TASK DETAILS - Your task is to transcribe each record exactly and to omit every image.

AVAILABLE RECORDS -
★ ★ ★ ★
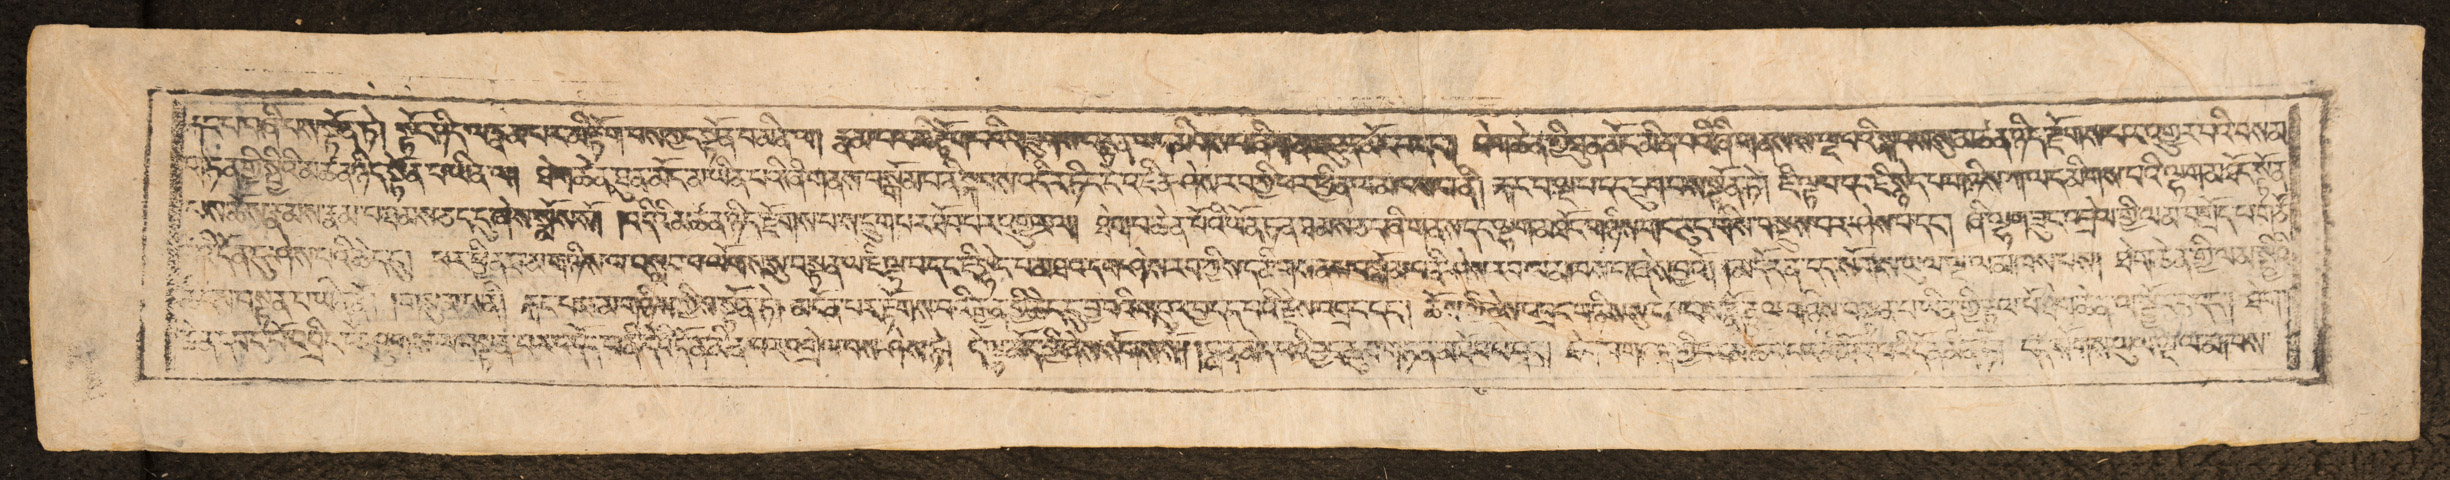རྐང་པ་བཞི་པས་སྟོན་ཏེ། སྟོང་ཉིད་ལ་རྣམ་པར་མི་རྟོག་པས་ཀྱང་སྟོན་པ་མིན་ལ། རྣམ་པར་མི་རྟོག་པའི་གཟུགས་བརྙན་ལ་དམིགས་པ་ཞི་གནས་ཐུན་མོང་བ་དང་། ཐེག་ཆེན་གྱི་ཐུན་མོང་མིན་པའི་ཞི་གནས་ས་ལྔ་པའི་སྐབས་སུ་མཚན་ཉིད་རྫོགས་པར་འགྱུར་བའི་བསམ་
གཏན་གྱི་སྤྱིའི་མཚན་ཉིད་སྟོན་པ་ཡིན་ལ། ཐེག་ཆེན་ཐུན་མོང་མ་ཡིན་པའི་ཞི་གནས་བསྒོམ་པ་ནི་སྐབས་འདིར་ཏིང་ངེ་འཛིན་ཤེས་རབ་ཀྱི་ཕར་ཕྱིན་ལ་མཁས་པ་ནི། རྐང་པ་ལྔ་པ་དང་དྲུག་པས་སྟོན་ཏེ། ཇི་ལྟ་བ་དང་ཇི་སྙེད་པ་གཉིས་ཀ་ལ་དམིགས་པའི་ལྷག་མཐོང་སྟོན་
པས་ཆོས་རྣམས་རྣམ་པ་ཐམས་ཅད་དུ་ཞེས་སྨོས་སོ། །འདིའི་མཚན་ཉིད་རྫོགས་པ་ས་དྲུག་པར་ཐོབ་པར་འགྱུར་ལ། ཐེག་པ་ཆེན་པོའི་ཡོན་ཏན་ཐམས་ཅད་ཞི་གནས་དང་ལྷག་མཐོང་གཉིས་གང་རུང་གིས་བསྡུས་པར་ཤེས་པ་དང་། ཞི་ལྷག་ཟུང་འབྲེལ་གྱི་ལམ་བགྲོད་པ་གཙོ་
བོའི་དོན་དུ་ཤེས་པའི་ཆེད་དུ། ཕར་ཕྱིན་ཐ་མ་གཉིས་ལ་བསླབ་པ་ལོགས་སུ་བསྟན་ལ་ཇི་ལྟ་བ་དང་ཇི་སྙེད་པ་མཐའ་དག་ཤེས་རབ་ཀྱིས་དམིགས་ནས་བསྒོམ་པ་ནི་ཤེས་རབ་ལ་མཁས་པ་ཞེས་བྱའོ། །མདོར་ན་དད་སོགས་ཡུལ་ལྔ་ལ་མཁས་པས། ཐེག་ཆེན་གྱི་ལམ་སྤྱིའི་
ཆིངས་བསྟན་པ་ཡིན་ནོ། །གསུམ་པ་ནི། རྐང་པ་ཐ་མ་གཉིས་ཀྱིས་སྟོན་ཏེ། མངོན་པར་རྟོགས་པའི་རྒྱན་གྱི་ཆེད་དུ་བྱ་བའི་གདུལ་བྱ་དད་པའི་རྗེས་འབྲང་དང་། ཆོས་ཀྱི་རྗེས་འབྲང་གཉིས་སུ་ངེས་པས་རྣོ་རྟུལ་གཉིས་བསྟན་པ་ཡིན་གྱི་རྟུལ་པོ་ཐེག་ཆེན་ལ་སྦྱོར་བ་དང་། ཐེག་
ཆེན་དབང་པོ་འབྲིང་པོ་ཤུགས་ལ་བསྟན་པར་འདོད་པ་ནི་དེའི་དོན་མིན་པར་འགྲེལ་པས་ཤེས་ཏེ། དེ་ལྟ་མོད་ཀྱི་ཞེས་སོགས་སོ། །བླ་ན་མེད་པའི་བྱང་ཆུབ་གཏན་མ་ཐོབ་པ་དང་། ཐེག་པ་གཞན་གྱི་བར་མ་ཆད་པར་མི་ཐོབ་པའི་དོན་མིན་ཏེ། དད་སོགས་ཡུལ་ལྔ་ལ་མཁས་
★ ★ ★ ★
RESULT FOR THIS TASK -
རྐང་པ་བཞི་པས་སྟོན་ཏེ། སྟོང་ཉིད་ལ་རྣམ་པར་མི་རྟོག་པས་ཀྱང་སྟོན་པ་མིན་ལ། རྣམ་པར་མི་རྟོག་པའི་གཟུགས་བརྙན་ལ་དམིགས་པ་ཞི་གནས་ཐུན་མོང་བ་དང་། ཐེག་ཆེན་གྱི་ཐུན་མོང་མིན་པའི་ཞི་གནས་ས་ལྔ་པའི་སྐབས་སུ་མཚན་ཉིད་རྫོགས་པར་འགྱུར་བའི་བསམ་
གཏན་གྱི་སྤྱིའི་མཚན་ཉིད་སྟོན་པ་ཡིན་ལ། ཐེག་ཆེན་ཐུན་མོང་མ་ཡིན་པའི་ཞི་གནས་བསྒོམ་པ་ནི་སྐབས་འདིར་ཏིང་ངེ་འཛིན་ཤེས་རབ་ཀྱི་ཕར་ཕྱིན་ལ་མཁས་པ་ནི། རྐང་པ་ལྔ་པ་དང་དྲུག་པས་སྟོན་ཏེ། ཇི་ལྟ་བ་དང་ཇི་སྙེད་པ་གཉིས་ཀ་ལ་དམིགས་པའི་ལྷག་མཐོང་སྟོན་
པས་ཆོས་རྣམས་རྣམ་པ་ཐམས་ཅད་དུ་ཞེས་སྨོས་སོ། །འདིའི་མཚན་ཉིད་རྫོགས་པ་ས་དྲུག་པར་ཐོབ་པར་འགྱུར་ལ། ཐེག་པ་ཆེན་པོའི་ཡོན་ཏན་ཐམས་ཅད་ཞི་གནས་དང་ལྷག་མཐོང་གཉིས་གང་རུང་གིས་བསྡུས་པར་ཤེས་པ་དང་། ཞི་ལྷག་ཟུང་འབྲེལ་གྱི་ལམ་བགྲོད་པ་གཙོ་
བོའི་དོན་དུ་ཤེས་པའི་ཆེད་དུ། ཕར་ཕྱིན་ཐ་མ་གཉིས་ལ་བསླབ་པ་ལོགས་སུ་བསྟན་ལ་ཇི་ལྟ་བ་དང་ཇི་སྙེད་པ་མཐའ་དག་ཤེས་རབ་ཀྱིས་དམིགས་ནས་བསྒོམ་པ་ནི་ཤེས་རབ་ལ་མཁས་པ་ཞེས་བྱའོ། །མདོར་ན་དད་སོགས་ཡུལ་ལྔ་ལ་མཁས་པས། ཐེག་ཆེན་གྱི་ལམ་སྤྱིའི་
ཆིངས་བསྟན་པ་ཡིན་ནོ། །གསུམ་པ་ནི། རྐང་པ་ཐ་མ་གཉིས་ཀྱིས་སྟོན་ཏེ། མངོན་པར་རྟོགས་པའི་རྒྱན་གྱི་ཆེད་དུ་བྱ་བའི་གདུལ་བྱ་དད་པའི་རྗེས་འབྲང་དང་། ཆོས་ཀྱི་རྗེས་འབྲང་གཉིས་སུ་ངེས་པས་རྣོ་རྟུལ་གཉིས་བསྟན་པ་ཡིན་གྱི་རྟུལ་པོ་ཐེག་ཆེན་ལ་སྦྱོར་བ་དང་། ཐེག་
ཆེན་དབང་པོ་འབྲིང་པོ་ཤུགས་ལ་བསྟན་པར་འདོད་པ་ནི་དེའི་དོན་མིན་པར་འགྲེལ་པས་ཤེས་ཏེ། དེ་ལྟ་མོད་ཀྱི་ཞེས་སོགས་སོ། །བླ་ན་མེད་པའི་བྱང་ཆུབ་གཏན་མ་ཐོབ་པ་དང་། ཐེག་པ་གཞན་གྱི་བར་མ་ཆད་པར་མི་ཐོབ་པའི་དོན་མིན་ཏེ། དད་སོགས་ཡུལ་ལྔ་ལ་མཁས་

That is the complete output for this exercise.